- Born: 26 May 1901 Palermo, Italy
- Died: 8 October 1985 (aged 84) Palermo, Italy
- Years active: 1943-1985
- Title: Marquis of Sant'Agata, Baron of Scibina and Bumisca, of Pachino, Lord of Mandranova

= Francesco Saverio Starrabba Barbera =

Francesco Saverio Starrabba Barbera (May 26, 1901 – October 8, 1985) was an Italian politician and lawyer.

== Biography ==
He was born in Palermo on May 26, 1901, to Gaetano, VII prince of Giardinelli (1871-1943), and his consort Celeste Barbera, where he was the second of four children. He was a member of the main branch of the noble Starrabba family.

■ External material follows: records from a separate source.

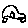
Label: car
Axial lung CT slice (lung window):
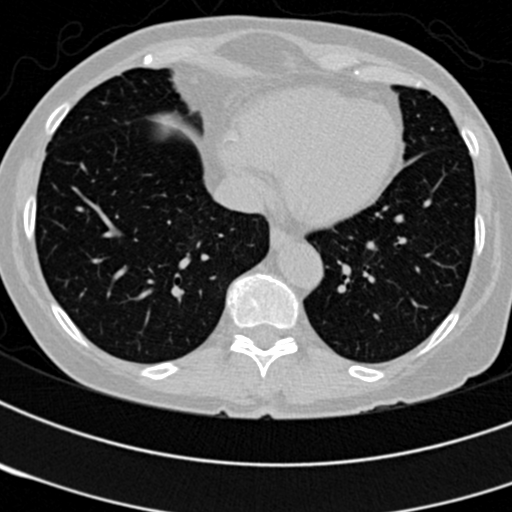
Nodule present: no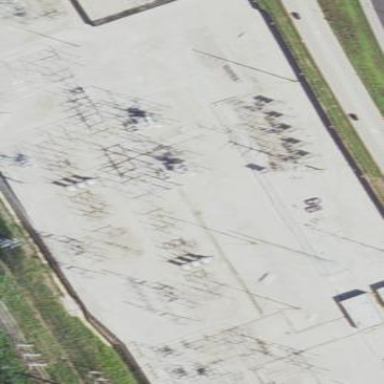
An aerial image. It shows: Outdoor power substation with fence surrounding it. The substation operates at the transmission level.
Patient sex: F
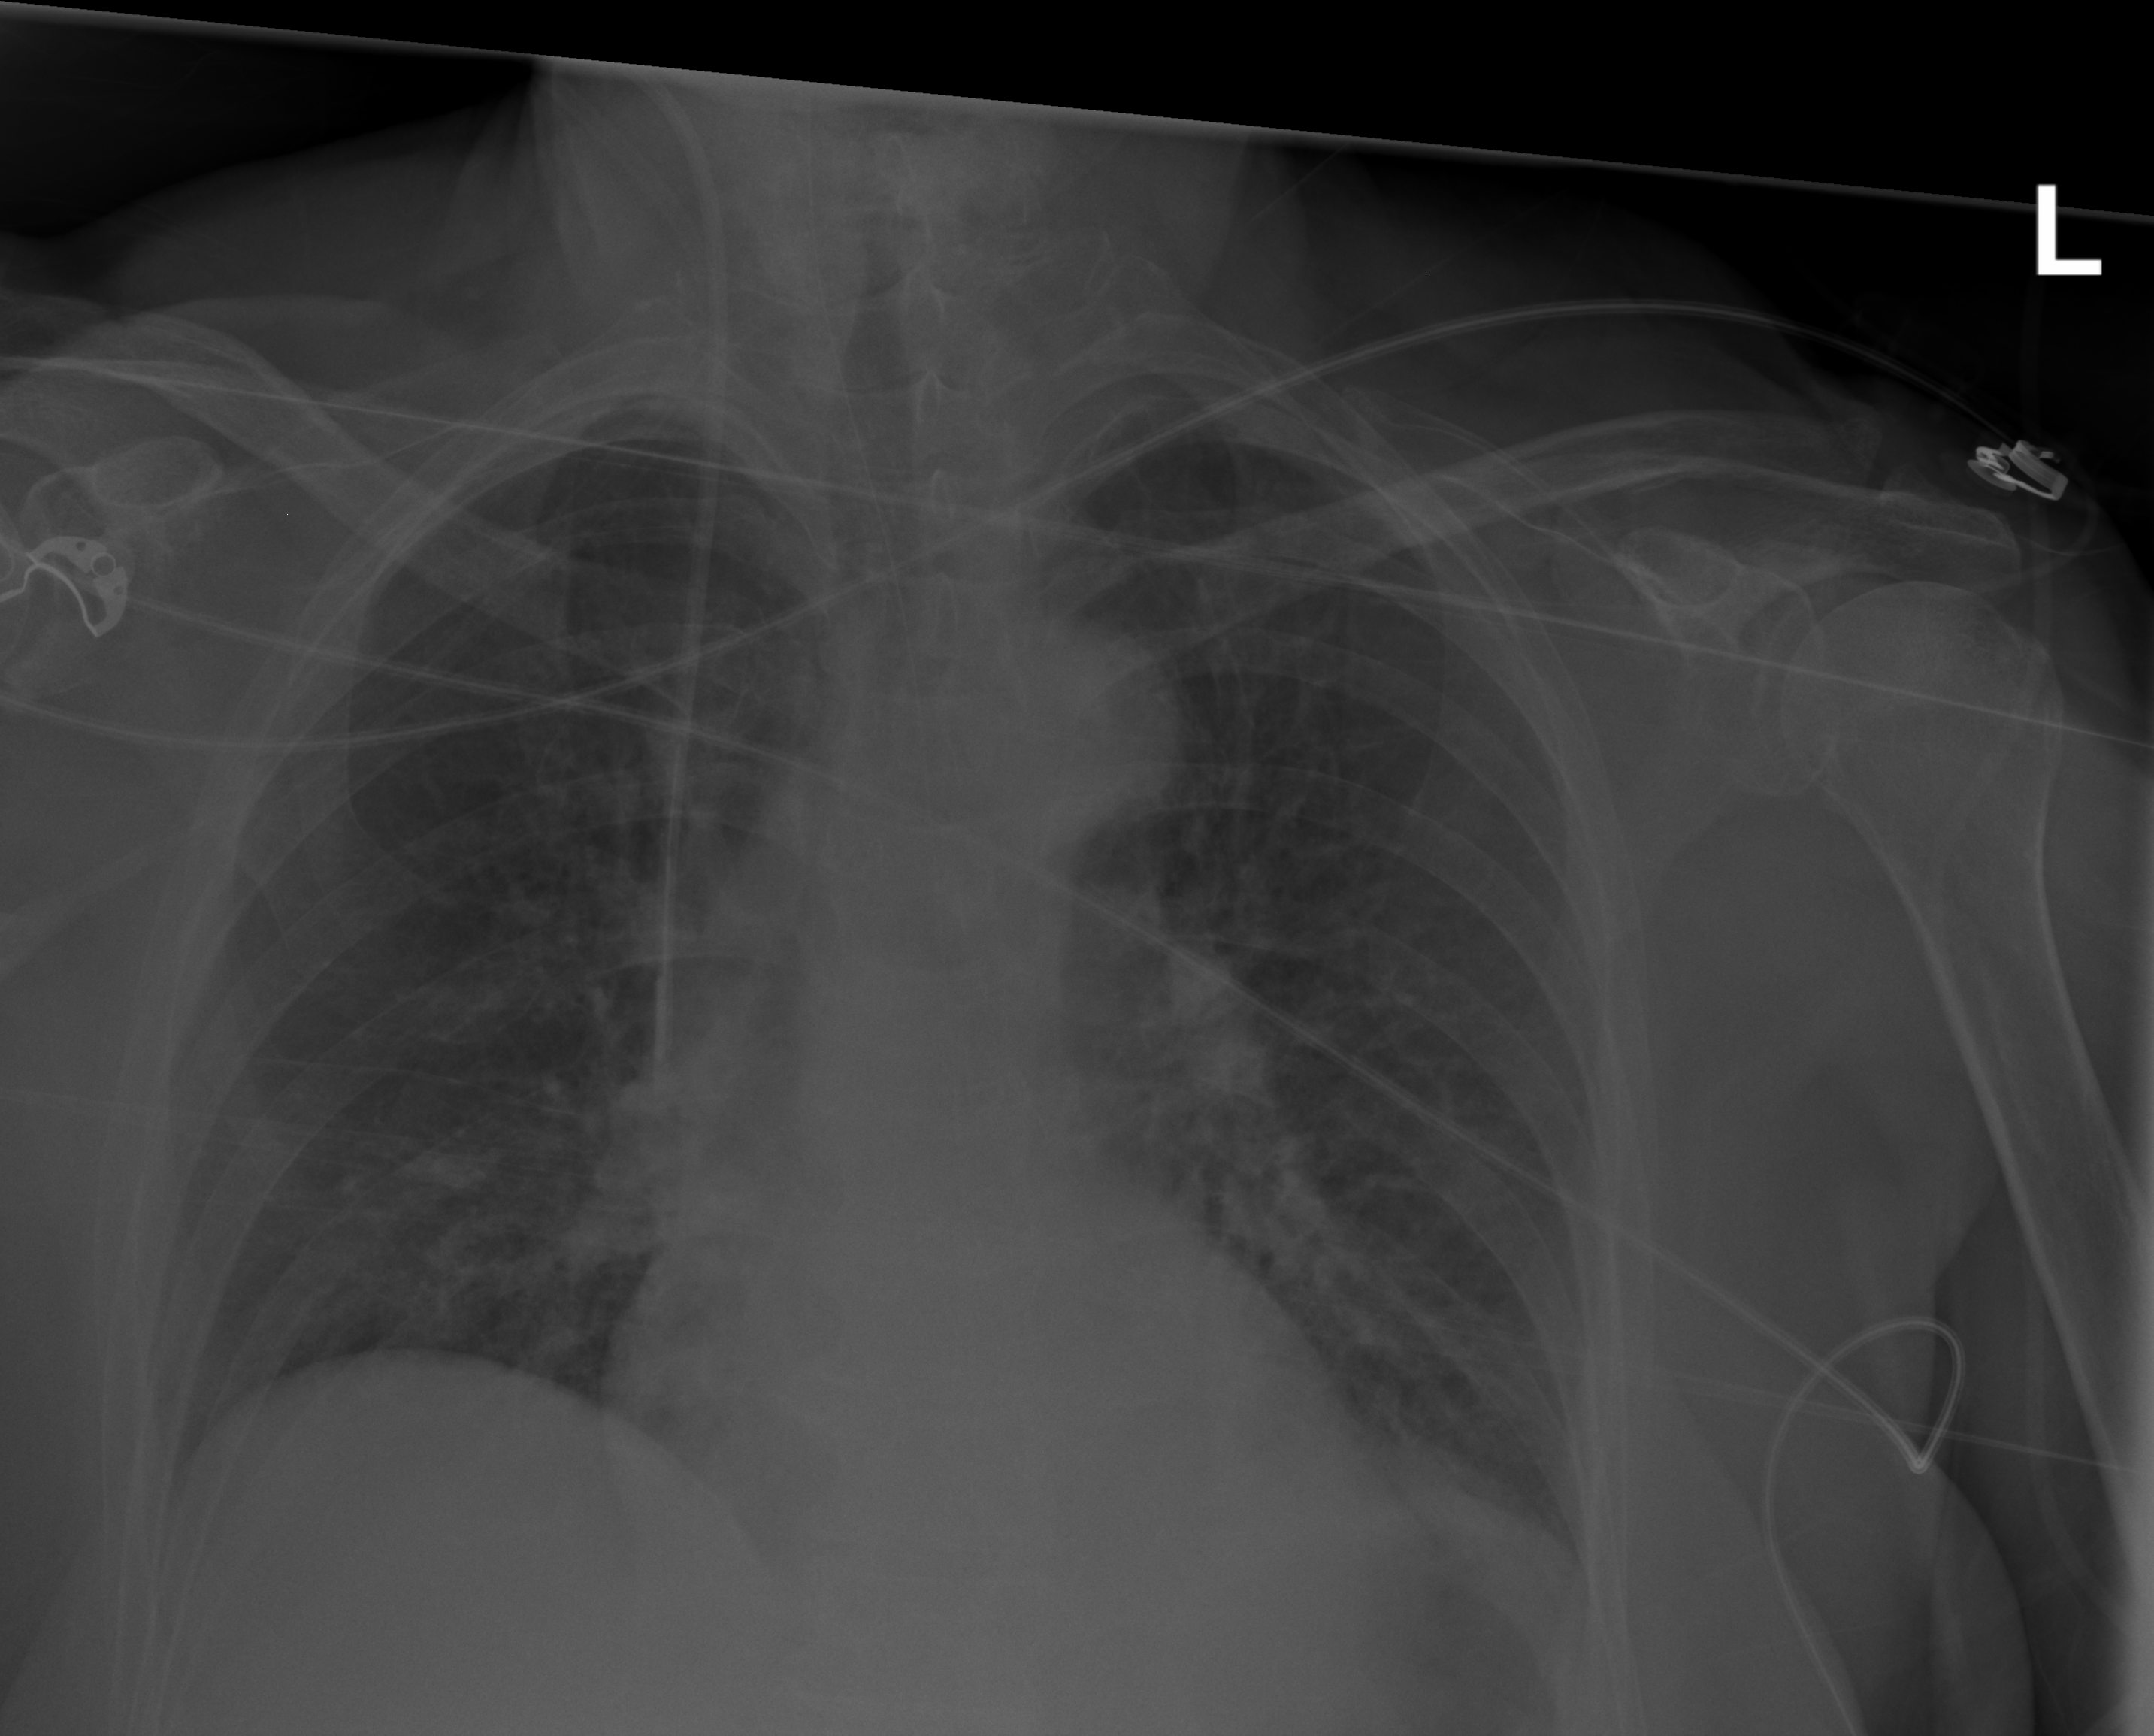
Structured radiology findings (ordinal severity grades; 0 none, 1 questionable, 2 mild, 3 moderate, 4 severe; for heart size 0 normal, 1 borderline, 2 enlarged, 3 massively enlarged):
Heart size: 0
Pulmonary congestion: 1
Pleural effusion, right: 0
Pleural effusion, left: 0
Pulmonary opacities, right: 0
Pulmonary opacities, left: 0
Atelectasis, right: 2
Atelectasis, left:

A lawyer and agricultural entrepreneur by profession, in 1943 he was among the people who supported the Movement for the Independence of Sicily. In 1945–46, he was among the 430 consultants of the National Consultation by designation of the National Democratic Liberal Concentration party. Subsequently, with the Liberal Democratic Bloc he was elected deputy to the I legislature of the Sicilian Regional Assembly (1947–51), in the single regional constituency. Having switched to the Italian Liberal Party, he was a candidate for the House in the 1953 general election, and for the Senate in the Palermo II constituency in the 1958 general election, where, however, he failed to be elected.

He lived for many years in Ragusa, where he took care of his own greenhouses, and died in Palermo on October 8, 1985, at the age of 84.